TRANSYT contains two models for analysis of traffic-actuated control. The first model (target degree of saturation model) is a design model, intended to locate the actuated phase times that would optimize the traffic network. The second model (actuated estimation model) is an evaluation model, intended to evaluate existing conditions. The target degree of saturation model allows actuated phases to operate in the efficient 80%-90% degree of saturation range, while allocating left-over green time to the major street. The actuated estimation model is typically used to compute phase times that are likely to materialize in the field, based on user-specified maximum green and force-off settings.
TRANSYT-7F provides three types of reports, for visualization and printing of data. The lengthy “legacy report” provides extensive output data for the macroscopic TRANSYT simulation model. One-page summary text reports are available for intersections, routes, or for the entire network. One-page formatted reports are available for TRANSYT and CORSIM intersections in both single-ring and dual-ring timing formats. The one-page text report and formatted report also contain agency information, and analysis-specific information.
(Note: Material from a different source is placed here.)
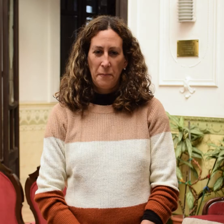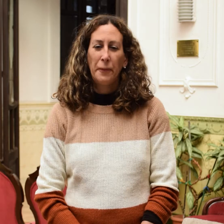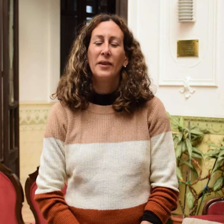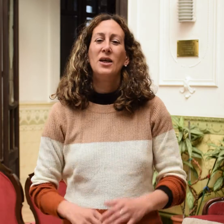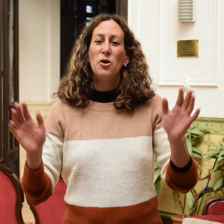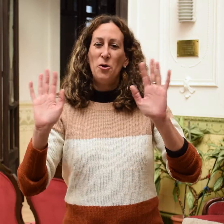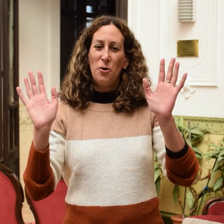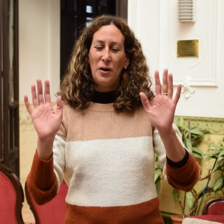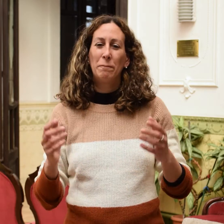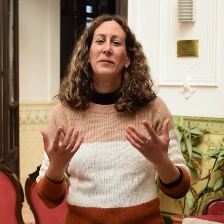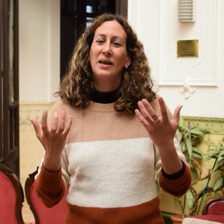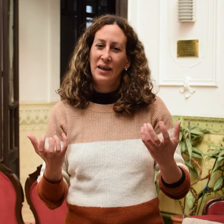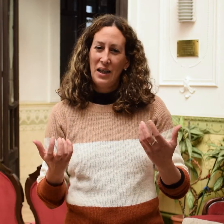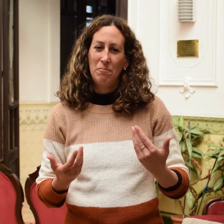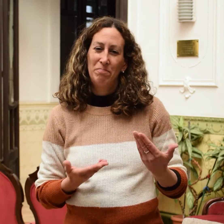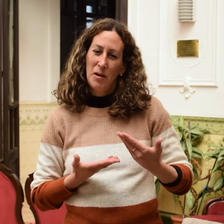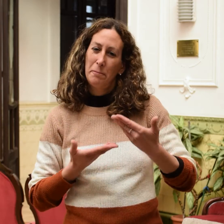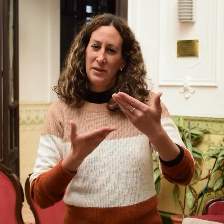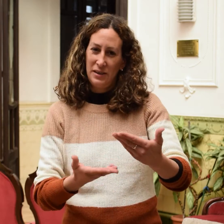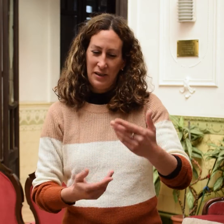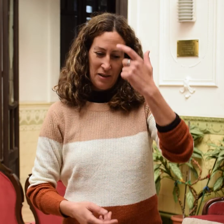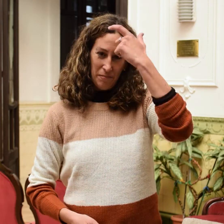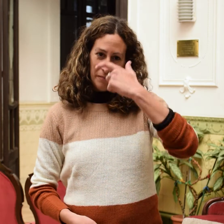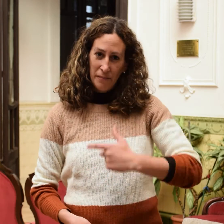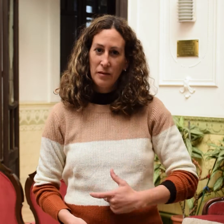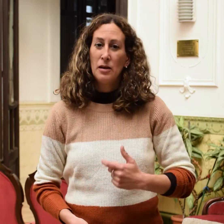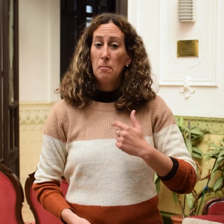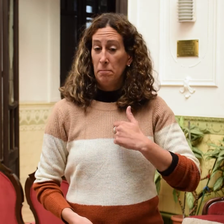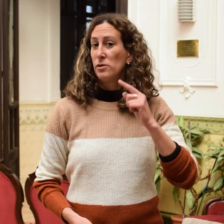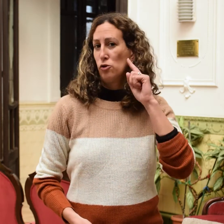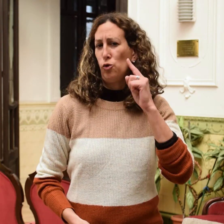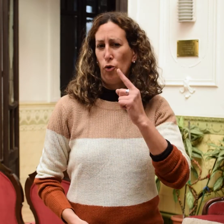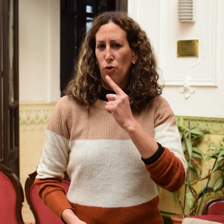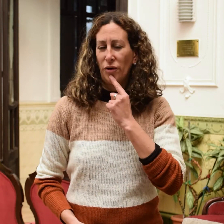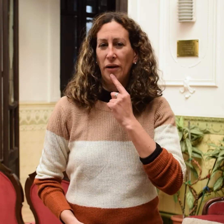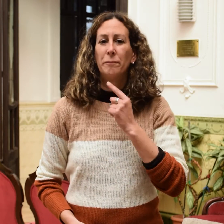Hola, me presento. Soy sorda, mi nombre es Adriana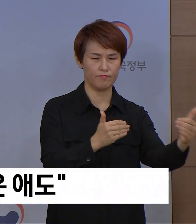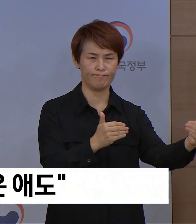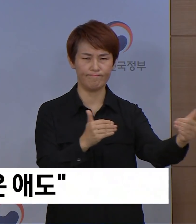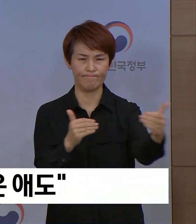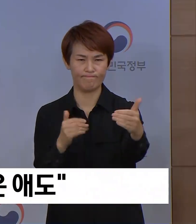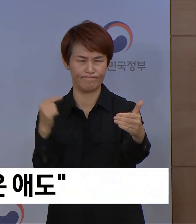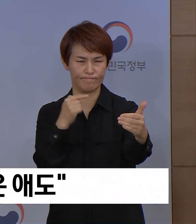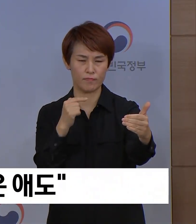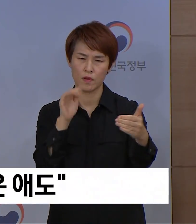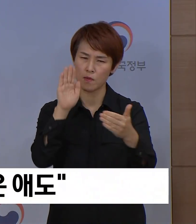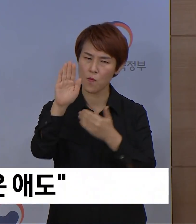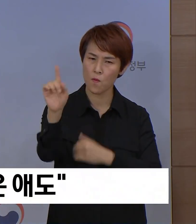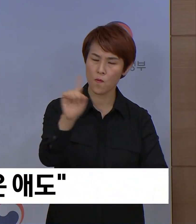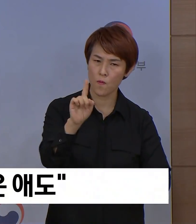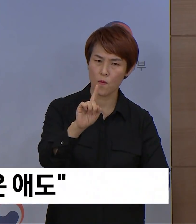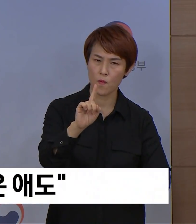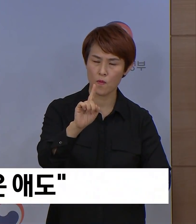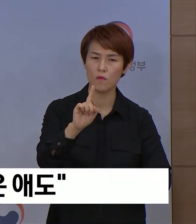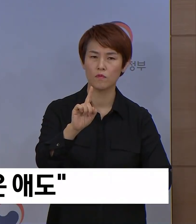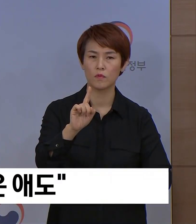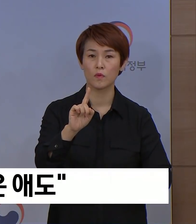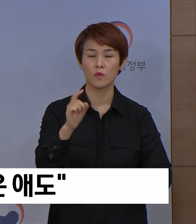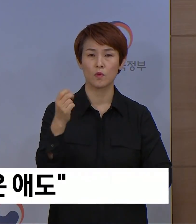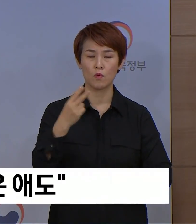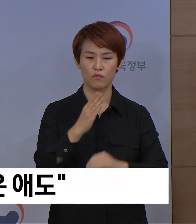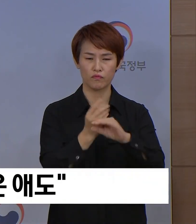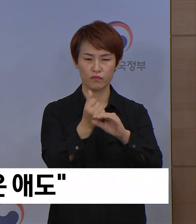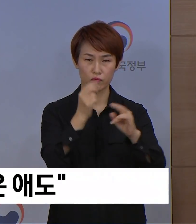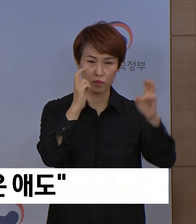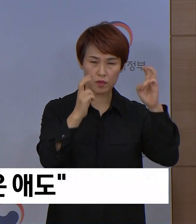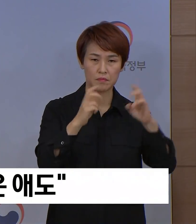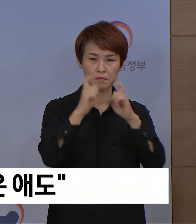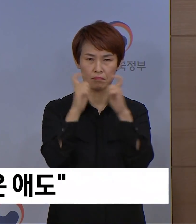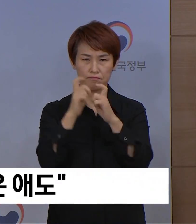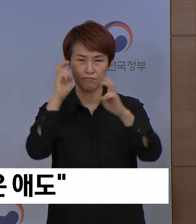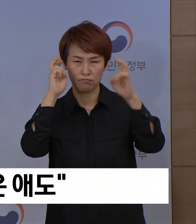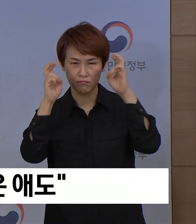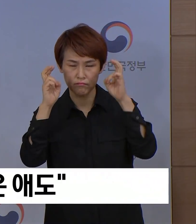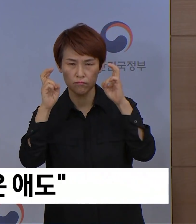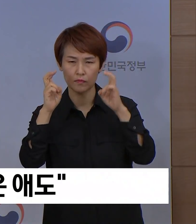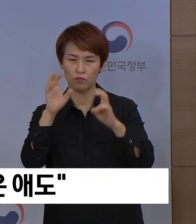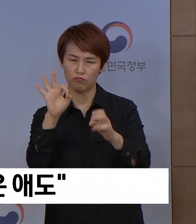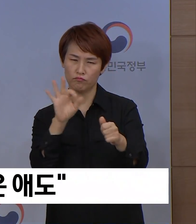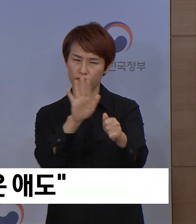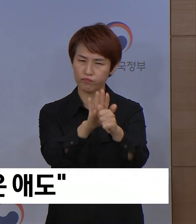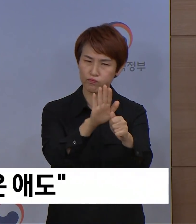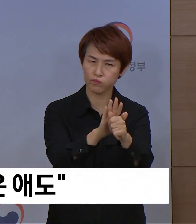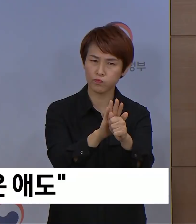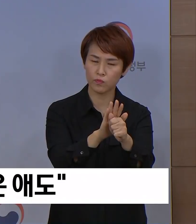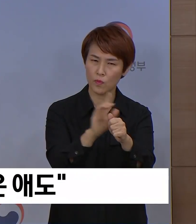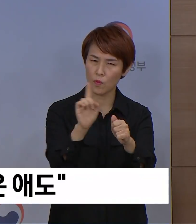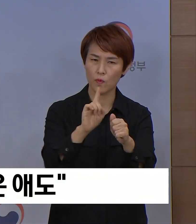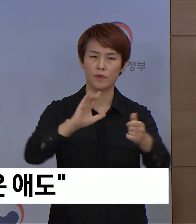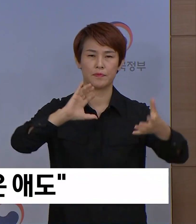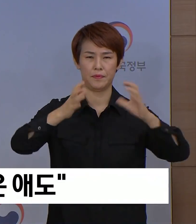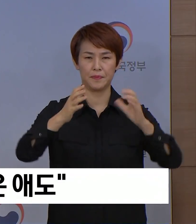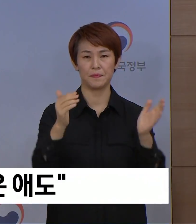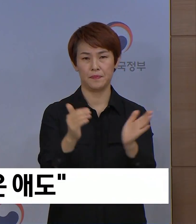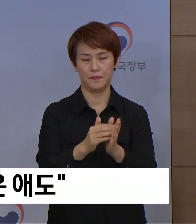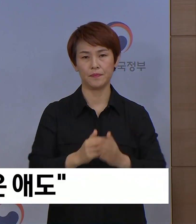향후 추진 방향 중소기업과 소상공인 자금지원 이행사항 등을 논의하였습니다.

Graphical input/output screens (e.g., Map View, Profile View, Lane Configuration, Timing View, Time-Space Diagram) can be sent to the printer or to an image file, if desired.


TRANSYT-7F contains a powerful macroscopic simulation engine that allows for detailed analysis and optimization of platoon progression, actuated control, and queue spillback. The engineer can view flow profiles and queue length profiles for any traffic movement, any cycle length, and any time period.


The saturation flow rate screen provides quick and easy estimation of adjusted saturation flow rates. Adjustment factors are computed and displayed in accordance with Highway Capacity Manual (HCM2000) procedures.